Derek Young

Personal information
- Full name: Derek Young
- Date of birth: 27 May 1980 (age 45)
- Place of birth: Glasgow, Scotland
- Height: 5 ft 8 in (1.73 m)
- Position: Midfielder

Youth career
- Cathkin United
- 1995–1997: Aberdeen

Senior career*
- Years: Team / Apps / (Gls)
- 1996–2003: Aberdeen / 111 / (13)
- 1996: → Lewis United (loan)
- 2003–2006: Dunfermline Athletic / 63 / (9)
- 2006: St Johnstone / 1 / (0)
- 2006–2007: Partick Thistle / 28 / (5)
- 2007–2011: Aberdeen / 95 / (6)
- 2011: Grindavík / 5 / (0)
- 2011–2012: Greenock Morton / 19 / (1)
- 2012–2014: Queen of the South / 45 / (2)
- 2014–2016: Forfar Athletic / 28 / (2)
- 2016–2017: Formartine United / – / (–)

International career
- 1997–2001: Scotland U21 / 6 / (0)

= Derek Young =

Scottish footballer

Derek Young (born 27 May 1980) is a Scottish ex-professional association football midfielder.

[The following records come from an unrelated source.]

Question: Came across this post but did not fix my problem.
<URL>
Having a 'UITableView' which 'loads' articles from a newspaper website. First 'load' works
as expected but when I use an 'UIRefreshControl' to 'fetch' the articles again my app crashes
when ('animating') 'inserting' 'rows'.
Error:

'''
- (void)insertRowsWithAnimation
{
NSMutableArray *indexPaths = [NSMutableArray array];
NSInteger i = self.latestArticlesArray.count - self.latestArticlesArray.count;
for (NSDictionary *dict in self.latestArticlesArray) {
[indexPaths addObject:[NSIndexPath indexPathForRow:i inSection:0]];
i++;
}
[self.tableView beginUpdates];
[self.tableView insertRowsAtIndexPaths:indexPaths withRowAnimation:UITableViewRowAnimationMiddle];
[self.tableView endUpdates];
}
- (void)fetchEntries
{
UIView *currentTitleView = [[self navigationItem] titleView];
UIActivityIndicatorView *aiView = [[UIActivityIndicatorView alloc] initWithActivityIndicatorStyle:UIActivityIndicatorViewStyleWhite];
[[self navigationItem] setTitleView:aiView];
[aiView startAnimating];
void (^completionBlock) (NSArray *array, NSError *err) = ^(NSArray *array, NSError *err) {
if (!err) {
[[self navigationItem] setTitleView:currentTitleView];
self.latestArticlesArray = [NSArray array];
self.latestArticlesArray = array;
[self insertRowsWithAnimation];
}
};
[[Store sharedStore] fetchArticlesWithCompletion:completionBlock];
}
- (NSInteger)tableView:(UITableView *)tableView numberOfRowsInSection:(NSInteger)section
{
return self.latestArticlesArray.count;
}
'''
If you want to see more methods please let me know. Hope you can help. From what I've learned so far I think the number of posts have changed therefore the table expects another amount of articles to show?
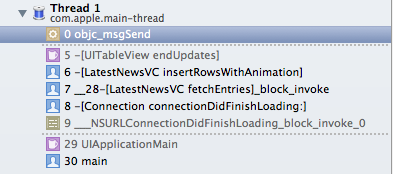
Answer: The line
'''
NSInteger i = self.latestArticlesArray.count - self.latestArticlesArray.count;
'''
sets 'i' to , therefore 'insertRowsAtIndexPaths' is called with an empty array.
I assume that your intention was to call 'insertRowsAtIndexPaths' with the row numbers of the newly added rows, but then you have to remember the old data before replacing the array in
'''
self.latestArticlesArray = array;
'''
But note that since you replace the entire array, you can as well call
'''
[self.tableView reloadData];
'''
instead of 'beginUpdates'/'insertRowsAtIndexPaths'/'endUpdates'.
---
My first analysis is wrong (and wattson12's is correct). As you said in the comments, you need just a simple animation that removes all previous rows and inserts the new rows after a fetch. This can be done like this:
'''
- (void)replaceArticlesWithAnimation:(NSArray *)articles
{
NSUInteger oldCount = [self.latestArticlesArray count];
self.latestArticlesArray = articles;
NSUInteger newCount = [self.latestArticlesArray count];
[self.tableView beginUpdates];
for (NSUInteger i = 0; i < oldCount; i++) {
[self.tableView deleteRowsAtIndexPaths:@[[NSIndexPath indexPathForRow:i inSection:0]] withRowAnimation:UITableViewRowAnimationAutomatic];
}
for (NSUInteger i = 0; i < newCount; i++) {
[self.tableView insertRowsAtIndexPaths:@[[NSIndexPath indexPathForRow:i inSection:0]] withRowAnimation:UITableViewRowAnimationAutomatic];
}
[self.tableView endUpdates];
}
'''
and in 'fetchEntries' you call
'''
if (!err) {
[[self navigationItem] setTitleView:currentTitleView];
[self replaceArticlesWithAnimation:array];
}
'''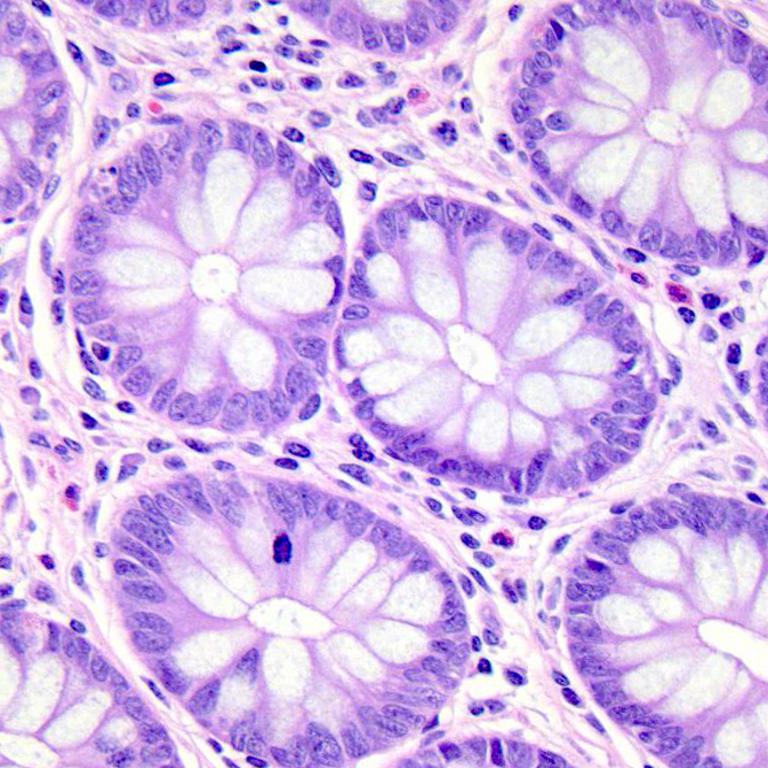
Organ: colon
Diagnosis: benign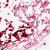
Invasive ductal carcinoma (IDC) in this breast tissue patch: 0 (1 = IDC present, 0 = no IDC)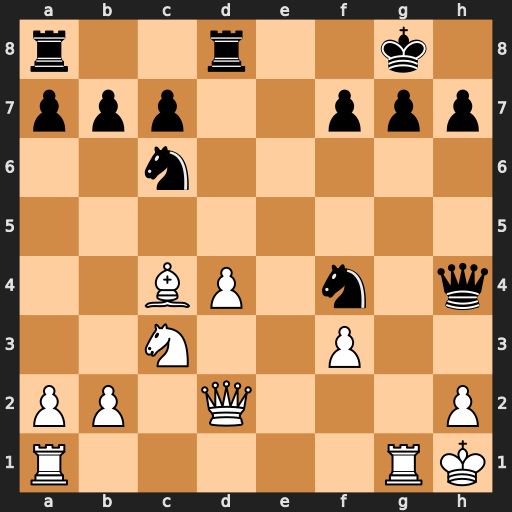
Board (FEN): r2r2k1/ppp2ppp/2n5/8/2BP1n1q/2N2P2/PP1Q3P/R5RK
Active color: w
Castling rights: -
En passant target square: -
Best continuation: Rg4 Rxd4 Rxh4 Rxd2 Rxf4
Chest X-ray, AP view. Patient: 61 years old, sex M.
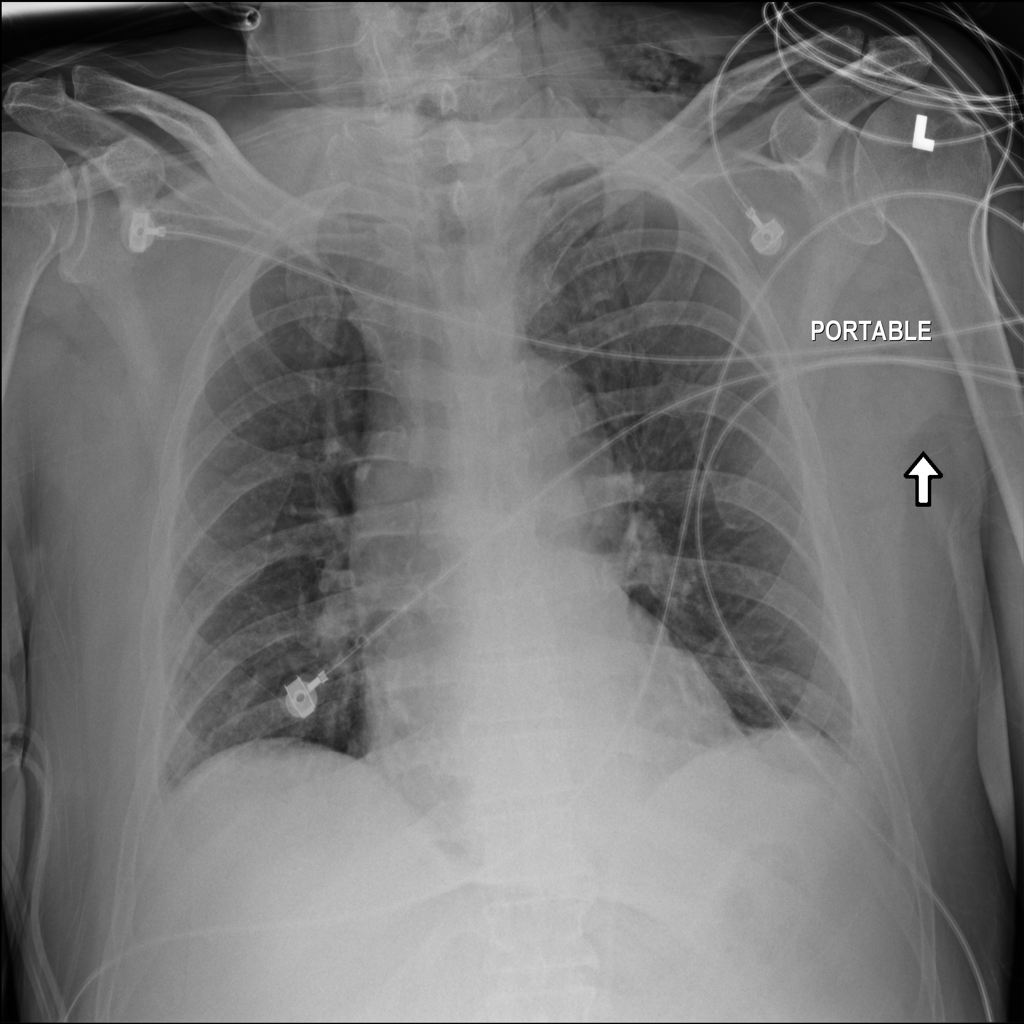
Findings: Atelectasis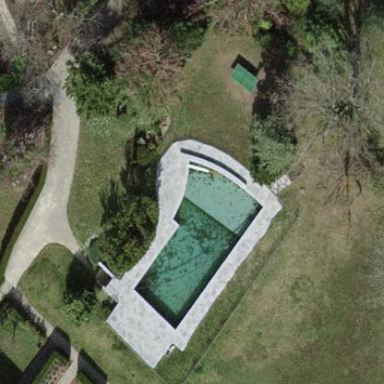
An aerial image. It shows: Swimming pool located in leisure land.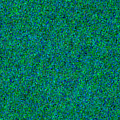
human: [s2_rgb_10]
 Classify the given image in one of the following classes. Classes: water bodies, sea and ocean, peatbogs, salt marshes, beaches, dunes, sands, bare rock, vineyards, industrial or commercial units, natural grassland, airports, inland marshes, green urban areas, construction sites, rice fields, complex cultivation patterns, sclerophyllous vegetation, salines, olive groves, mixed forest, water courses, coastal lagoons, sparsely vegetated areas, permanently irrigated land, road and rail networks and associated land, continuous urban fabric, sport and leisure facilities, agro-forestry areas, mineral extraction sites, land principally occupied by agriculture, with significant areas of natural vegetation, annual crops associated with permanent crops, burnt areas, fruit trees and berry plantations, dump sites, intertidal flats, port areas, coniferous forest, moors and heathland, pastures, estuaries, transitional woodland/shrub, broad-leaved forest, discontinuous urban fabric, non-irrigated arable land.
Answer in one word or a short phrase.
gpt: sea and ocean
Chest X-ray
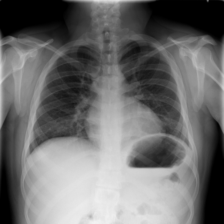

Young started his career alongside his brother Darren at Aberdeen before leaving with him in 2003 to join Dunfermline Athletic. Spells at St Johnstone and Partick Thistle followed before returning to Aberdeen for another four years. He spent a short spell in Iceland with Grindavík before returning to Scotland with Morton in 2011. In summer 2012 he joined Queen of the South with whom he won a league and cup double. He joined Forfar Athletic in 2014 before ending his playing career with a season at Formartine United.

==Career==
Young grew up in Whitlawburn, Cambuslang and attended Cathkin High School. He started his career with Aberdeen where without winning any trophies, he played in numerous UEFA Cup games including a tie against Hertha Berlin. He also represented Scotland under 21s.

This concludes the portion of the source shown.